Anyway, if we’re going to say this about the homomorphic encryption scenario, then shouldn’t we say the same about the simulated black hole scenario? Again, from an “external” perspective, all that’s happening is a giant BQP computation. Anything beyond BQP that we consider to be happening, depends on adopting the standpoint of an observer who “jumps into the homomorphic encryption on the CFT boundary”—at which point, it would seem, we’re no longer talking about physics but about philosophy of mind.
So, that was the story! I promised you that it would integrally involve black holes, holography, the Quantum Extended Church-Turing Thesis, fully homomorphic encryption, and brain uploading, and I hope to have delivered on my promise.
Of course, while this blog post has forever cleared up all philosophical confusions about AdS/CFT and the Quantum Extended Church-Turing Thesis, many questions of a more technical nature remain. For example: what about the original scenario? can we argue that the experiences of bulk observers can be simulated in BQP, even when those observers jump into black holes? Also, what can we say about the complexity class of problems to which the simulated Alice can learn the answers? Could she even solve NP-complete problems in polynomial time this way, or at least invert one-way functions? More broadly, what’s the power of “BQP with an oracle for applying the AdS/CFT dictionary”—once or multiple times, in one direction or both directions?
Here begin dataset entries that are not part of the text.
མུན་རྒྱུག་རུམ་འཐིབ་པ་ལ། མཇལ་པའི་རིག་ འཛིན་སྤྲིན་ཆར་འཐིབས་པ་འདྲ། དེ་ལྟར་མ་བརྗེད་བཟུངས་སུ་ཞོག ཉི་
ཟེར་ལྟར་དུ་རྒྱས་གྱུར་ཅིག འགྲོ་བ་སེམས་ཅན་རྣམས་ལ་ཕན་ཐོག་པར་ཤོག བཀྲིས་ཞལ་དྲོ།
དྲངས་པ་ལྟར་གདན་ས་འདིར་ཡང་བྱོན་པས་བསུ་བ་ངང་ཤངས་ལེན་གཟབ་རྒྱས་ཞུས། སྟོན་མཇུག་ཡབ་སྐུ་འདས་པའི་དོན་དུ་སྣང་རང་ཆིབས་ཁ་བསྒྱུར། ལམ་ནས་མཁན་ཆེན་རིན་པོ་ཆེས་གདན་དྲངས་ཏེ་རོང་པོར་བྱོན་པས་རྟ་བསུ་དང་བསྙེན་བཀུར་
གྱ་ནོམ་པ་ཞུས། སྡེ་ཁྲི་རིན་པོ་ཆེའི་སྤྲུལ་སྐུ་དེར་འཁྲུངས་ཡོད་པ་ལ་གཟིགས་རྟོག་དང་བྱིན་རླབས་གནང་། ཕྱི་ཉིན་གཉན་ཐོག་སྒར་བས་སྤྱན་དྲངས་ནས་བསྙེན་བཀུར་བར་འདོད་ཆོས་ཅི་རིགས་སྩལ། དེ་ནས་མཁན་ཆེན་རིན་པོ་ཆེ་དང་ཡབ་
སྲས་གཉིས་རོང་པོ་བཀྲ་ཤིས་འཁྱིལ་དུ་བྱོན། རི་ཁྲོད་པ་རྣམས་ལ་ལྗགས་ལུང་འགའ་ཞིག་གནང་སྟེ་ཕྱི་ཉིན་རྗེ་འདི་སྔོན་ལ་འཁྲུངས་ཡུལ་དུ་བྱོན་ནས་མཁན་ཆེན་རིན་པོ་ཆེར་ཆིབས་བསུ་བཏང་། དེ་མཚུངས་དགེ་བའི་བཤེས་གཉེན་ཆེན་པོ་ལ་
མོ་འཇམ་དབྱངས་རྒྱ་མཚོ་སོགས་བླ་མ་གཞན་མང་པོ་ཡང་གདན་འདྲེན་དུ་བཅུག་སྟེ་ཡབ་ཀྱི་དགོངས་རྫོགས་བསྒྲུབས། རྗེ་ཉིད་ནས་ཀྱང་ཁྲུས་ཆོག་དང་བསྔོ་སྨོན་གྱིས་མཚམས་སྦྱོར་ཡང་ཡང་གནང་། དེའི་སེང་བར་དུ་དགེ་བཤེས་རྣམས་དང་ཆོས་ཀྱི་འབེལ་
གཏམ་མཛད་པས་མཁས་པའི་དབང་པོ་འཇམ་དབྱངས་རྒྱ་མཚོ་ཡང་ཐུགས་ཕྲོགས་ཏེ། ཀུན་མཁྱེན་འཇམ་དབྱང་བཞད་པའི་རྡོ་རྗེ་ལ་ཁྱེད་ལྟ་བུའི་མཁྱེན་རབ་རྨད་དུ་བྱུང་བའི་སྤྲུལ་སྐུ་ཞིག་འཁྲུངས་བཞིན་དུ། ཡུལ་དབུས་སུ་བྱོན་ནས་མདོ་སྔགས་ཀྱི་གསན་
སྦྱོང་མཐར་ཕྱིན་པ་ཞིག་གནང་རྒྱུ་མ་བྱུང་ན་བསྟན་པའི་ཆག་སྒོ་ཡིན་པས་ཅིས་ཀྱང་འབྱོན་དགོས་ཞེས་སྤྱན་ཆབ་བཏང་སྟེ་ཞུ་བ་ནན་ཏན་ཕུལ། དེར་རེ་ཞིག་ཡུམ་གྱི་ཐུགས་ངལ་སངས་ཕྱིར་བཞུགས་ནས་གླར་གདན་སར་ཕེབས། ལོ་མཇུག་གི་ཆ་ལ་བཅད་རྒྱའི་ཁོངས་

Lenny himself described his gedankenexperiment as exploring the power of a new complexity class that he called “JI/poly,” where the JI stands for “Jumping In” (to a black hole, that is). The nomenclature is transparently ridiculous—“/poly” means “with polynomial-size advice,” which we’re not talking about here—and I’ve argued in this post that the “JI” is rather misleading as well. If Alice is “jumping” anywhere, it’s not into a black hole per se, but into a quantum computer that simulates a CFT that’s dual to a bulk universe containing a black hole.
In a broader sense, though, to contemplate these questions at all is clearly to “jump in” to … something. It’s old hat by now that one can start in physics and end up in philosophy: what else is the quantum measurement problem, or the Boltzmann brain problem, or anthropic cosmological puzzles like whether (all else equal) we’re a hundred times as likely to find ourselves in a universe with a hundred times as many observers? More recently, it’s also become commonplace that one can start in physics and end in computational complexity theory: quantum computing itself is the example par excellence, but over the past decade, the Harlow-Hayden argument about decoding Hawking radiation and the complexity = action proposal have made clear that it can happen even in quantum gravity.
Lenny’s new gedankenexperiment, however, is the first case I’ve seen where you start out in physics, and end up embroiled in some of the hardest questions of philosophy of mind and computational complexity theory simultaneously.